◆ DATA PROVIDED:
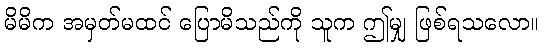
မိမိက အမှတ်မထင် ပြောမိသည်ကို သူက ဤမျှ ဖြစ်ရသလော။
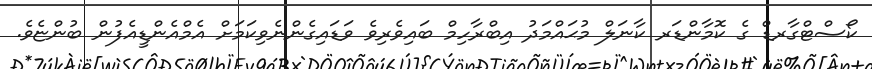
ކޯސްޓްގާރޑް ގެ ކޮމާންޑަރ ކާނަލް މުޙައްމަދު އިބްރާހިމް ބައިވެރިވެ ވަޑައިގެންނެވިކަމަށް އެމްއެންޑީއެފުން ބުންޏެވެ.
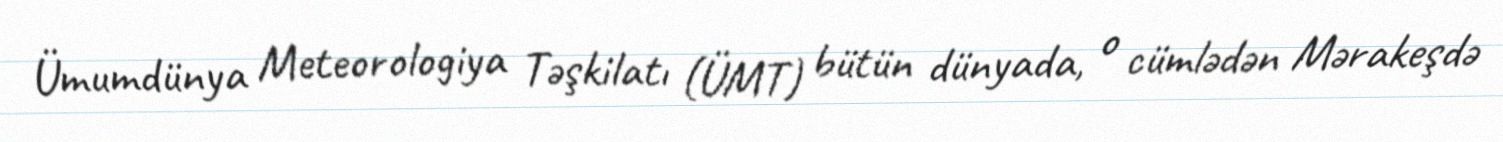
Ümumdünya Meteorologiya Təşkilatı (ÜMT) bütün dünyada, o cümlədən Mərakeşdə
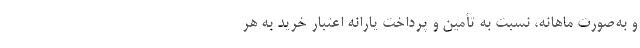
و به‌صورت ماهانه، نسبت به تأمین و پرداخت یارانه اعتبار خرید به هر
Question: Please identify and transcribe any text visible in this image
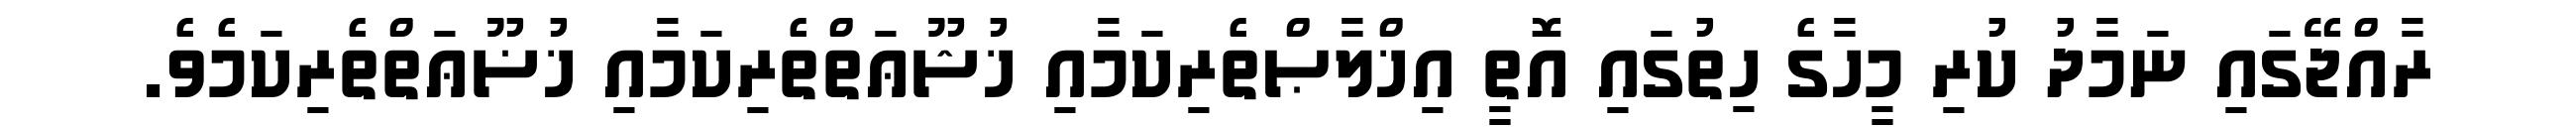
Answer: ރާއްޖޭގައި ނަމާދު ކުރި މީހާގެ ހިތުގައި އޮތީ އިޚްލާޞްތެރިކަމާއި ޚުޝޫޢަތްތެރިކަމާއި ޚުޟޫޢަތްތެރިކަމެވެ.
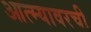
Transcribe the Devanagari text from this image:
आत्म्यावरची
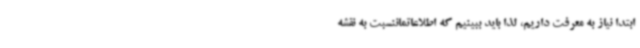
ابتدا نیاز به معرفت داریم، لذا باید ببینیم که اطلاعاتماننسبت به نقشه
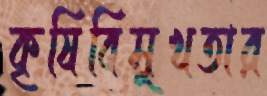
কৃষিবিমুখতার
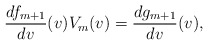
\begin{align*} \frac{df_{m+1}}{dv}(v)V_m(v)=\frac{dg_{m+1}}{dv}(v),\end{align*}
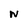
Character: N
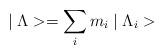
LaTeX: \begin{align*}\mid \Lambda > = \sum_{i} m_{i} \mid \Lambda_{i} >\end{align*}
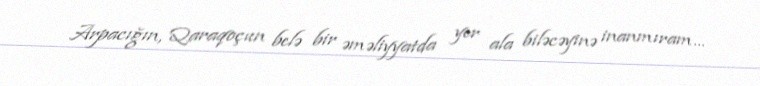
Arpacığın, Qaraqoçun belə bir əməliyyatda yer ala biləcəyinə inanmıram...

◆ WORK TO COMPLETE:
Output the lines, exactly: the first line of the entries above, every line after it, and the line with "কৃষিবিমুখতার" as the last. No pictures.

◆ WRITTEN ANSWER:
မိမိက အမှတ်မထင် ပြောမိသည်ကို သူက ဤမျှ ဖြစ်ရသလော။
ކޯސްޓްގާރޑް ގެ ކޮމާންޑަރ ކާނަލް މުޙައްމަދު އިބްރާހިމް ބައިވެރިވެ ވަޑައިގެންނެވިކަމަށް އެމްއެންޑީއެފުން ބުންޏެވެ.
Ümumdünya Meteorologiya Təşkilatı (ÜMT) bütün dünyada, o cümlədən Mərakeşdə
و به‌صورت ماهانه، نسبت به تأمین و پرداخت یارانه اعتبار خرید به هر
Question: Please identify and transcribe any text visible in this image
Answer: ރާއްޖޭގައި ނަމާދު ކުރި މީހާގެ ހިތުގައި އޮތީ އިޚްލާޞްތެރިކަމާއި ޚުޝޫޢަތްތެރިކަމާއި ޚުޟޫޢަތްތެރިކަމެވެ.
Transcribe the Devanagari text from this image:
आत्म्यावरची
ابتدا نیاز به معرفت داریم، لذا باید ببینیم که اطلاعاتماننسبت به نقشه
কৃষিবিমুখতার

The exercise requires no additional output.